■ **What is needed**: Your answer must be the exact lines below, starting with the line with "The image shows 59" and going on through the line with "The space beneath", both included, with no pictures.
[Records for the task — start]
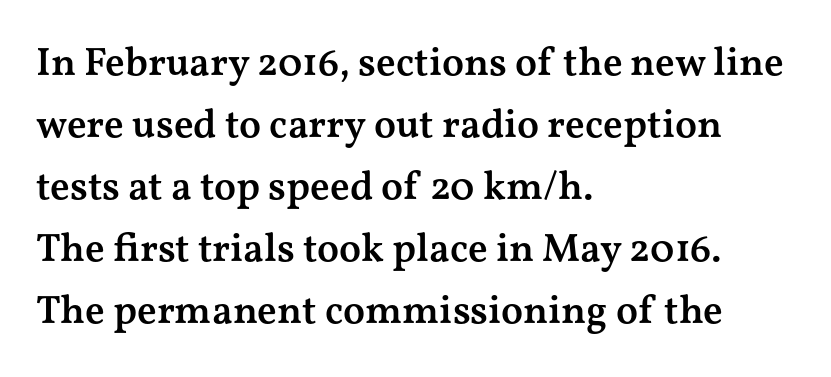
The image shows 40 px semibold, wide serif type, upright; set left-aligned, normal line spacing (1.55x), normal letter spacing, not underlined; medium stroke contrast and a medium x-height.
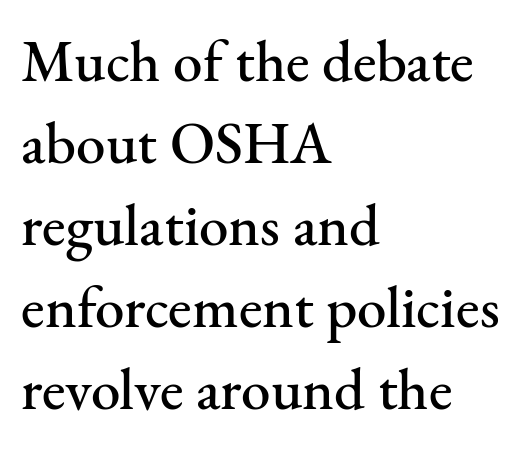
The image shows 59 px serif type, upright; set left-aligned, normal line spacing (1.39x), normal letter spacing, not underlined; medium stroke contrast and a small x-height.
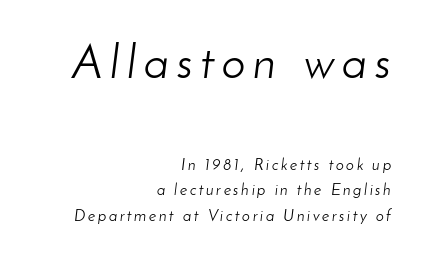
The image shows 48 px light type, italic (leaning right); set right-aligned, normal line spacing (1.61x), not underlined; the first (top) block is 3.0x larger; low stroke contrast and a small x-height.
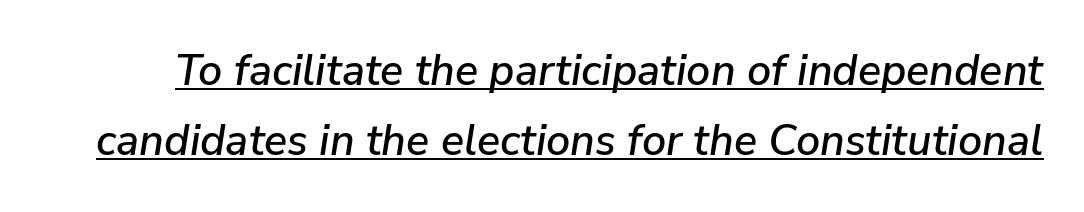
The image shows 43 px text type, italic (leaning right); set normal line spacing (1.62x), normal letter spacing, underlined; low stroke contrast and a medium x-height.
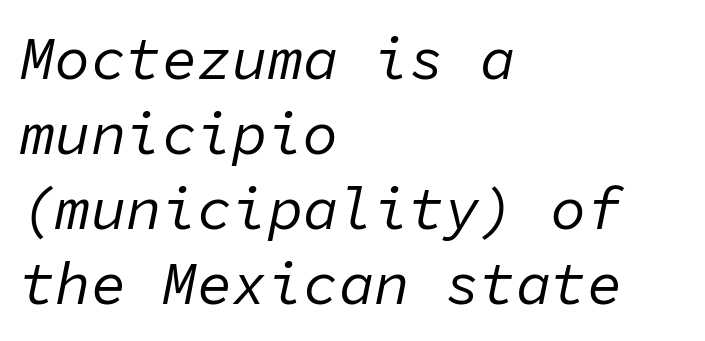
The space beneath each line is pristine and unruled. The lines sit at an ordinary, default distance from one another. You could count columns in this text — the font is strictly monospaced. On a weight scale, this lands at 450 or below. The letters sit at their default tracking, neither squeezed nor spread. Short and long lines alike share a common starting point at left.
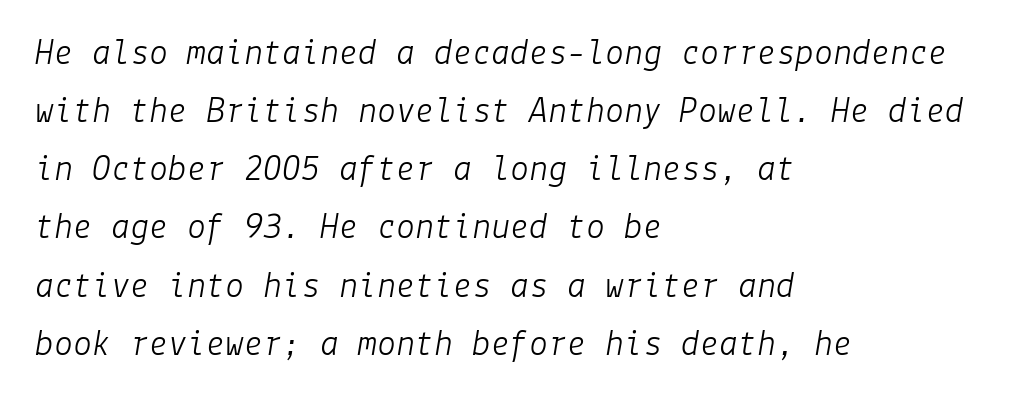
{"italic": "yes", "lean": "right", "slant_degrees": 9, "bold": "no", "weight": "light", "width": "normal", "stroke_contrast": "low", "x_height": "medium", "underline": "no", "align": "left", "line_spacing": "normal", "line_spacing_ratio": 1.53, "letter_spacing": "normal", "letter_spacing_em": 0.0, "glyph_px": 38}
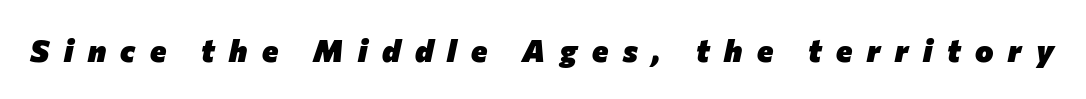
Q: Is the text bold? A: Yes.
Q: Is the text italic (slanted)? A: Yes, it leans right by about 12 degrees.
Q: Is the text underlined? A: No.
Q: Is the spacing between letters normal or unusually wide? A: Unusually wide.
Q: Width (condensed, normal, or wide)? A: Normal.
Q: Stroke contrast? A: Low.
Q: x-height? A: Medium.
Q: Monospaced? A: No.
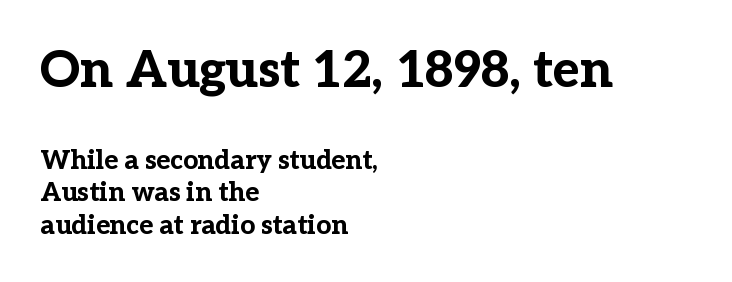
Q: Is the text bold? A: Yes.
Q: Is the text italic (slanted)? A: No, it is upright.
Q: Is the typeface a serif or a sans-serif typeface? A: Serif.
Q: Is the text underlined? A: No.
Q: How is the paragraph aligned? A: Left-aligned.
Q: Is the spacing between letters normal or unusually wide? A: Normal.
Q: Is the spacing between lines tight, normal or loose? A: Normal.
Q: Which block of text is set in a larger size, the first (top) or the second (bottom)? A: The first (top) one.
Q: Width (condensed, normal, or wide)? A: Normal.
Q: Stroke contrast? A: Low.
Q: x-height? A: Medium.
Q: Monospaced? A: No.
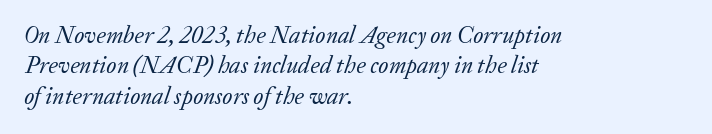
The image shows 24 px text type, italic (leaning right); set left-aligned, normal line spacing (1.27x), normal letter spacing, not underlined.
[Records for the task — finish]
[Records for the task — start]
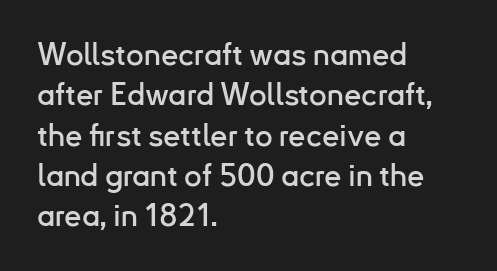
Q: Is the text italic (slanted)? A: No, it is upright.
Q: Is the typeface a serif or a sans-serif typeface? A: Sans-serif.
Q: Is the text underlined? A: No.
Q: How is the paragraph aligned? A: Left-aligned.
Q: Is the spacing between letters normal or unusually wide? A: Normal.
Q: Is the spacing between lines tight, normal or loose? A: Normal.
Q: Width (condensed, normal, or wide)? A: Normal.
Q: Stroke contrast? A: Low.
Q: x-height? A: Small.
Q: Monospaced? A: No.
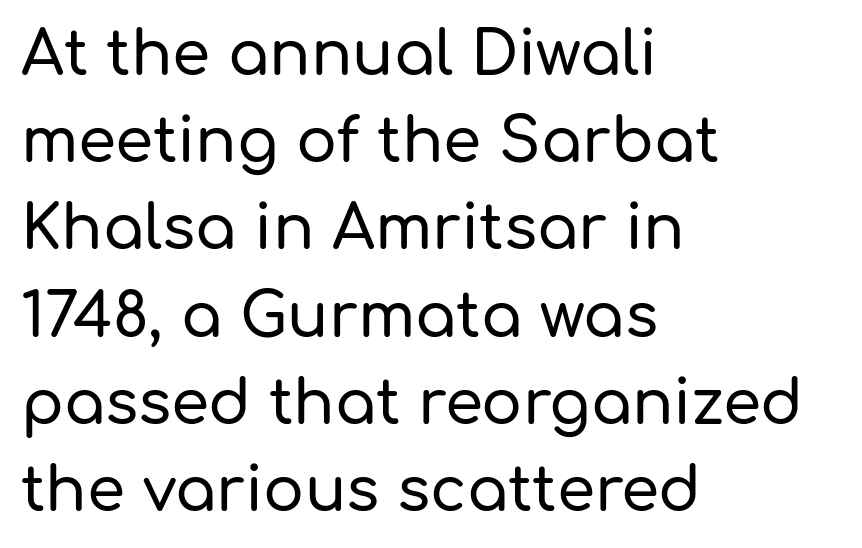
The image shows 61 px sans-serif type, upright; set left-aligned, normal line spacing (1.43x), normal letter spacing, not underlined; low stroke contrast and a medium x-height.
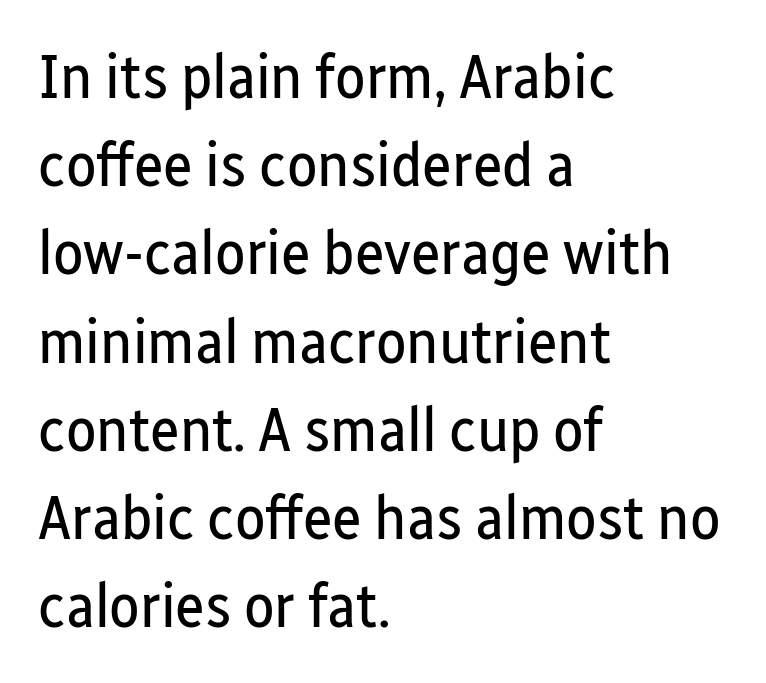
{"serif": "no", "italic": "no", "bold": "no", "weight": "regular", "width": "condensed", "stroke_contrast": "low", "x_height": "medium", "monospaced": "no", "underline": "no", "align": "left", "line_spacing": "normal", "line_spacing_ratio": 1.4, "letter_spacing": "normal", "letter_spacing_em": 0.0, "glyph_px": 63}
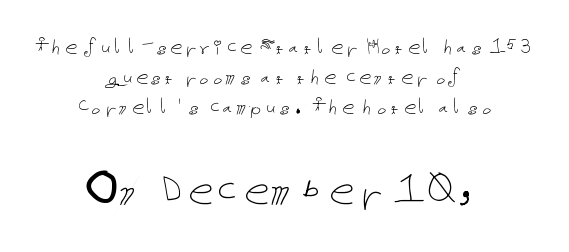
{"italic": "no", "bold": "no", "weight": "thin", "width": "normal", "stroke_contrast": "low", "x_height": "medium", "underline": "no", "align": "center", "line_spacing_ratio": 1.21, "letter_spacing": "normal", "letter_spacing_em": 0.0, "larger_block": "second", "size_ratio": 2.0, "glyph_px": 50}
[Records for the task — finish]
■ **The answer**:
The image shows 59 px serif type, upright; set left-aligned, normal line spacing (1.39x), normal letter spacing, not underlined; medium stroke contrast and a small x-height.
The image shows 48 px light type, italic (leaning right); set right-aligned, normal line spacing (1.61x), not underlined; the first (top) block is 3.0x larger; low stroke contrast and a small x-height.
The image shows 43 px text type, italic (leaning right); set normal line spacing (1.62x), normal letter spacing, underlined; low stroke contrast and a medium x-height.
The space beneath each line is pristine and unruled. The lines sit at an ordinary, default distance from one another. You could count columns in this text — the font is strictly monospaced. On a weight scale, this lands at 450 or below. The letters sit at their default tracking, neither squeezed nor spread. Short and long lines alike share a common starting point at left.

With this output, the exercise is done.